Your objective
The records below are to be copied exactly, with every picture left out.

[Dataset entries]
· · · · · · ·
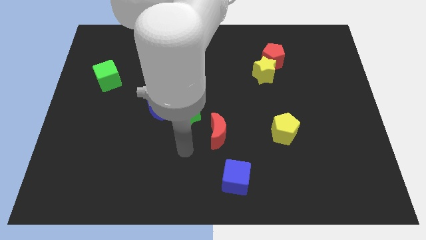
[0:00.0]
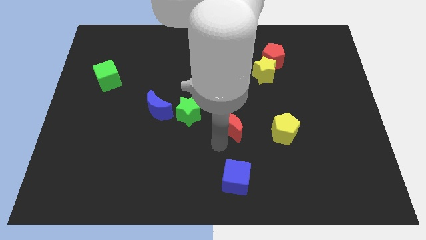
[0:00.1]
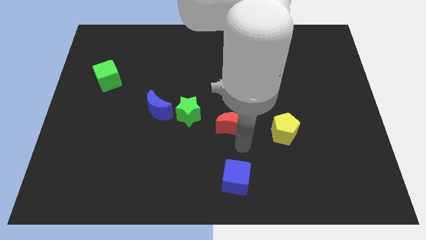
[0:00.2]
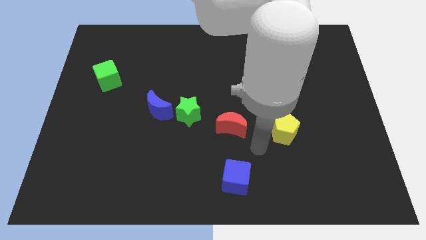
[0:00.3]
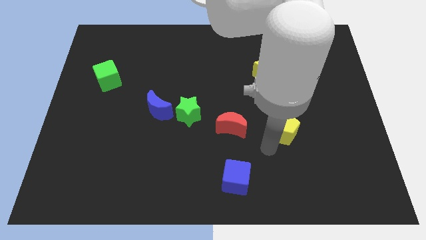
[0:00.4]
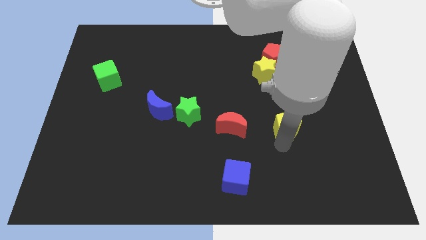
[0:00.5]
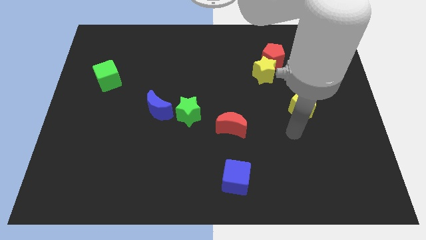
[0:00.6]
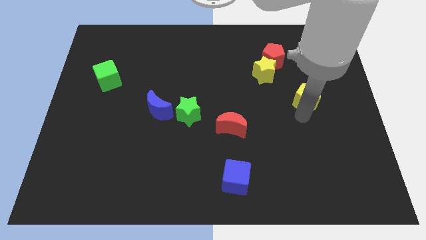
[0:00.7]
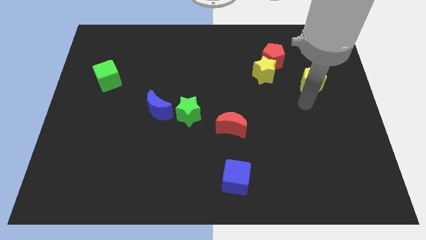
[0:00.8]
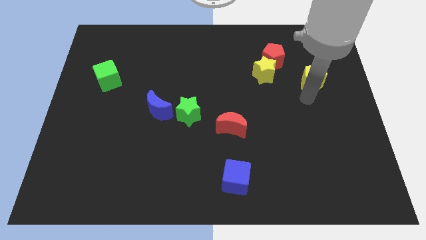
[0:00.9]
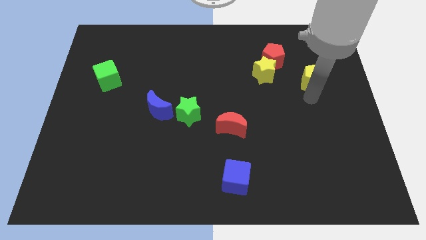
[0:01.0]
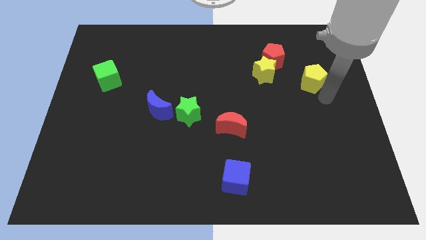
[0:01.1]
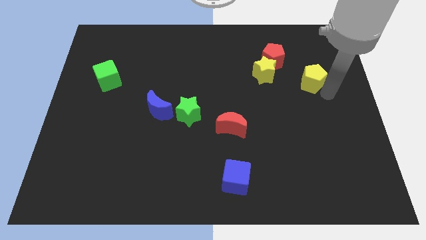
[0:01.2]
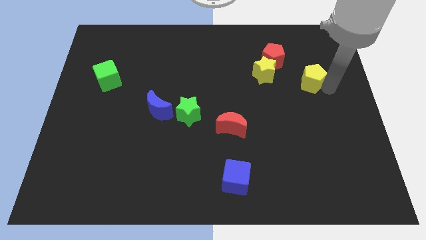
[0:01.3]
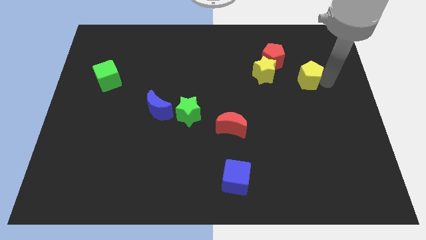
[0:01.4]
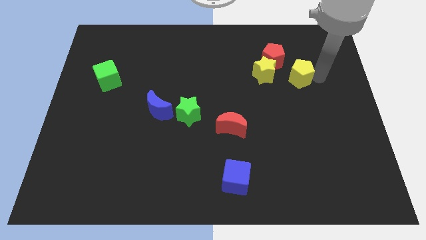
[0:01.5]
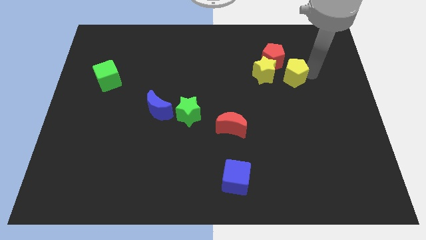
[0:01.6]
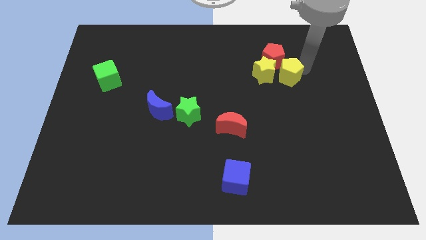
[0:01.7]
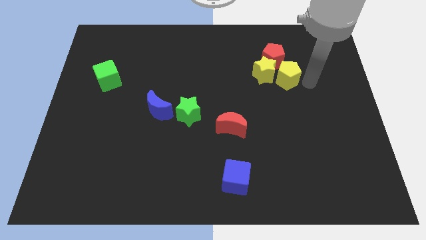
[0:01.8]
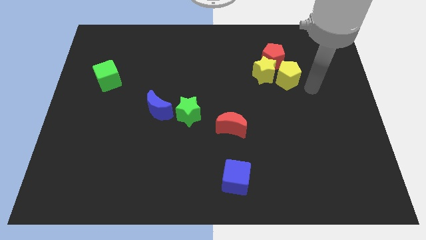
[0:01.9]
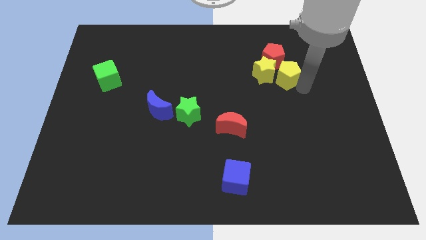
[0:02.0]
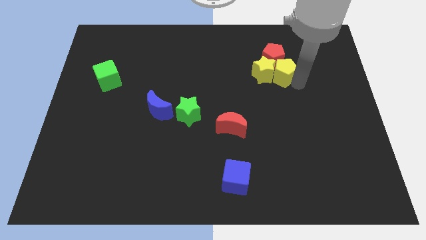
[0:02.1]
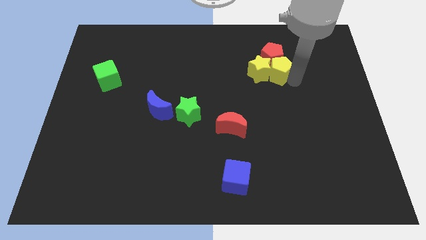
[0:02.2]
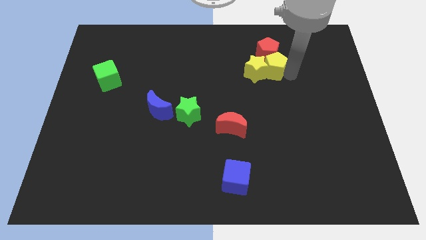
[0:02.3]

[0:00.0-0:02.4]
move the yellow pentagon to the red pentagon
· · · · · · ·
Reply to the task
[0:00.0]
[0:00.1]
[0:00.2]
[0:00.3]
[0:00.4]
[0:00.5]
[0:00.6]
[0:00.7]
[0:00.8]
[0:00.9]
[0:01.0]
[0:01.1]
[0:01.2]
[0:01.3]
[0:01.4]
[0:01.5]
[0:01.6]
[0:01.7]
[0:01.8]
[0:01.9]
[0:02.0]
[0:02.1]
[0:02.2]
[0:02.3]

[0:00.0-0:02.4]
move the yellow pentagon to the red pentagon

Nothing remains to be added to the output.